PROBLEM TO WORK ON
Print only the lines below, from the very first to the one containing "భర్తృత్వ, భార్యాత్వములనూ కళలుగా", exactly as they stand. Do not print pictures.

---+---

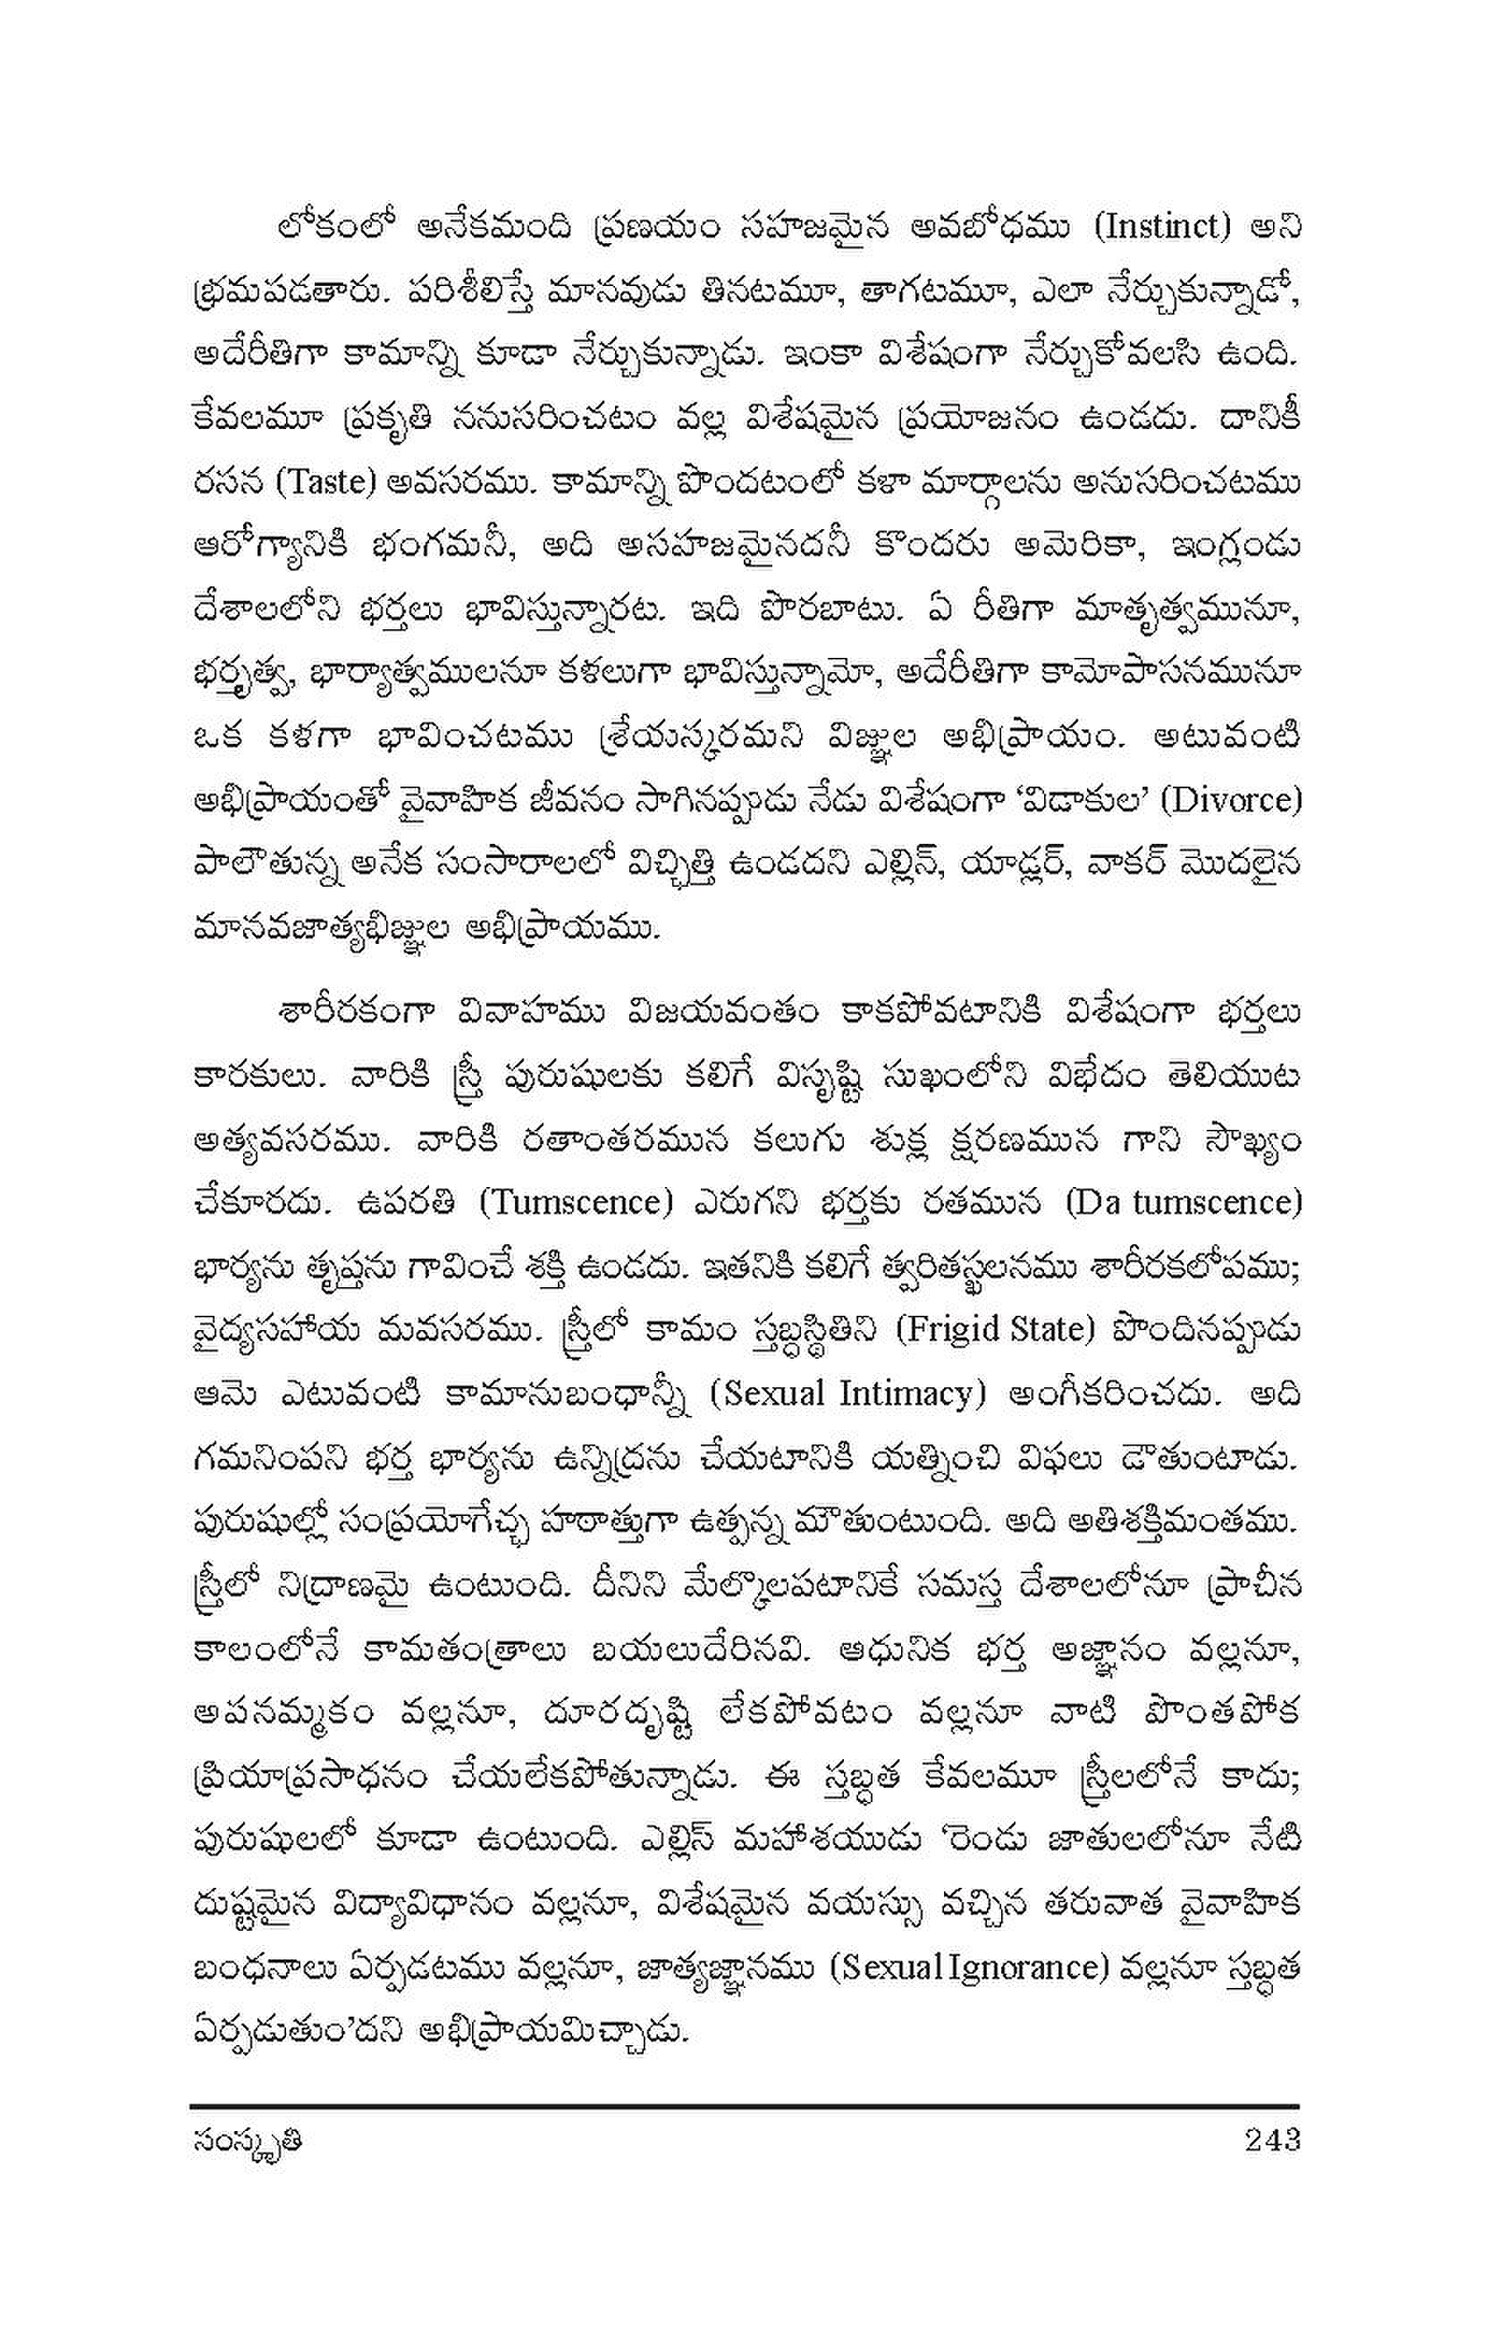లోకంలో అనేకమంది ప్రణయం సహజమైన అవబోధము (Instinct) అని
భ్రమపడతారు. పరిశీలిస్తే మానవుడు తినటమూ, తాగటమూ, ఎలా నేర్చుకున్నాడో,
అదేరీతిగా కామాన్ని కూడా నేర్చుకున్నాడు. ఇంకా విశేషంగా నేర్చుకోవలసి ఉంది.
కేవలమూ ప్రకృతి ననుసరించటం వల్ల విశేషమైన ప్రయోజనం ఉండదు. దానికీ
రసన (Taste) అవసరము. కామాన్ని పొందటంలో కళా మార్గాలను అనుసరించటము
ఆరోగ్యానికి భంగమనీ, అది అసహజమైనదనీ కొందరు అమెరికా, ఇంగ్లండు
దేశాలలోని భర్తలు భావిస్తున్నారట. ఇది పొరబాటు. ఏ రీతిగా మాతృత్వమునూ,
భర్తృత్వ, భార్యాత్వములనూ కళలుగా భావిస్తున్నామో, అదేరీతిగా కామోపాసనమునూ
ఒక కళగా భావించటము శ్రేయస్కరమని విజ్ఞుల అభిప్రాయం. అటువంటి
అభిప్రాయంతో వైవాహిక జీవనం సాగినప్పుడు నేడు విశేషంగా 'విడాకుల' (Divorce)
పాలౌతున్న అనేక సంసారాలలో విచ్ఛిత్తి ఉండదని ఎల్లిన్, యాడ్లర్, వాకర్ మొదలైన
మానవజాత్యభిజ్ఞుల అభిప్రాయము.

శారీరకంగా వివాహము విజయవంతం కాకపోవటానికి విశేషంగా భర్తలు
కారకులు. వారికి స్త్రీ పురుషులకు కలిగే విసృష్టి సుఖంలోని విభేదం తెలియుట
అత్యవసరము. వారికి రతాంతరమున కలుగు శుక్ల క్షరణమున గాని సౌఖ్యం
చేకూరదు. ఉపరతి (Tumscence) ఎరుగని భర్తకు రతమున (Da tumscence)
భార్యను తృప్తను గావించే శక్తి ఉండదు. ఇతనికి కలిగే త్వరితస్థలనము శారీరకలోపము;
వైద్యసహాయ మవసరము. స్త్రీలో కామం స్తబ్ధస్థితిని (Frigid State) పొందినప్పుడు
ఆమె ఎటువంటి కామానుబంధాన్నీ (Sexual Intimacy) అంగీకరించదు. అది
గమనింపని భర్త భార్యను ఉన్నిద్రను చేయటానికి యత్నించి విఫలు డౌతుంటాడు.
పురుషుల్లో సంప్రయోగేచ్ఛ హఠాత్తుగా ఉత్పన్న మౌతుంటుంది. అది అతిశక్తిమంతము.
స్త్రీలో నిద్రాణమై ఉంటుంది. దీనిని మేల్కొలపటానికే సమస్త దేశాలలోనూ ప్రాచీన
కాలంలోనే కామతంత్రాలు బయలుదేరినవి. ఆధునిక భర్త అజ్ఞానం వల్లనూ,
అపనమ్మకం వల్లనూ, దూరదృష్టి లేకపోవటం వల్లనూ వాటి పొంతపోక
ప్రియాప్రసాధనం చేయలేకపోతున్నాడు. ఈ స్తబ్ధత కేవలమూ స్త్రీలలోనే కాదు;
పురుషులలో కూడా ఉంటుంది. ఎల్లిస్ మహాశయుడు 'రెండు జాతులలోనూ నేటి
దుష్టమైన విద్యావిధానం వల్లనూ, విశేషమైన వయస్సు వచ్చిన తరువాత వైవాహిక
బంధనాలు ఏర్పడటము వల్లనూ, జాత్యజ్ఞానము (SexualIgnorance) వల్లనూ స్తబ్ధత
ఏర్పడుతుందని అభిప్రాయమిచ్చాడు.

---+---

ANSWER SECTION
లోకంలో అనేకమంది ప్రణయం సహజమైన అవబోధము (Instinct) అని
భ్రమపడతారు. పరిశీలిస్తే మానవుడు తినటమూ, తాగటమూ, ఎలా నేర్చుకున్నాడో,
అదేరీతిగా కామాన్ని కూడా నేర్చుకున్నాడు. ఇంకా విశేషంగా నేర్చుకోవలసి ఉంది.
కేవలమూ ప్రకృతి ననుసరించటం వల్ల విశేషమైన ప్రయోజనం ఉండదు. దానికీ
రసన (Taste) అవసరము. కామాన్ని పొందటంలో కళా మార్గాలను అనుసరించటము
ఆరోగ్యానికి భంగమనీ, అది అసహజమైనదనీ కొందరు అమెరికా, ఇంగ్లండు
దేశాలలోని భర్తలు భావిస్తున్నారట. ఇది పొరబాటు. ఏ రీతిగా మాతృత్వమునూ,
భర్తృత్వ, భార్యాత్వములనూ కళలుగా భావిస్తున్నామో, అదేరీతిగా కామోపాసనమునూ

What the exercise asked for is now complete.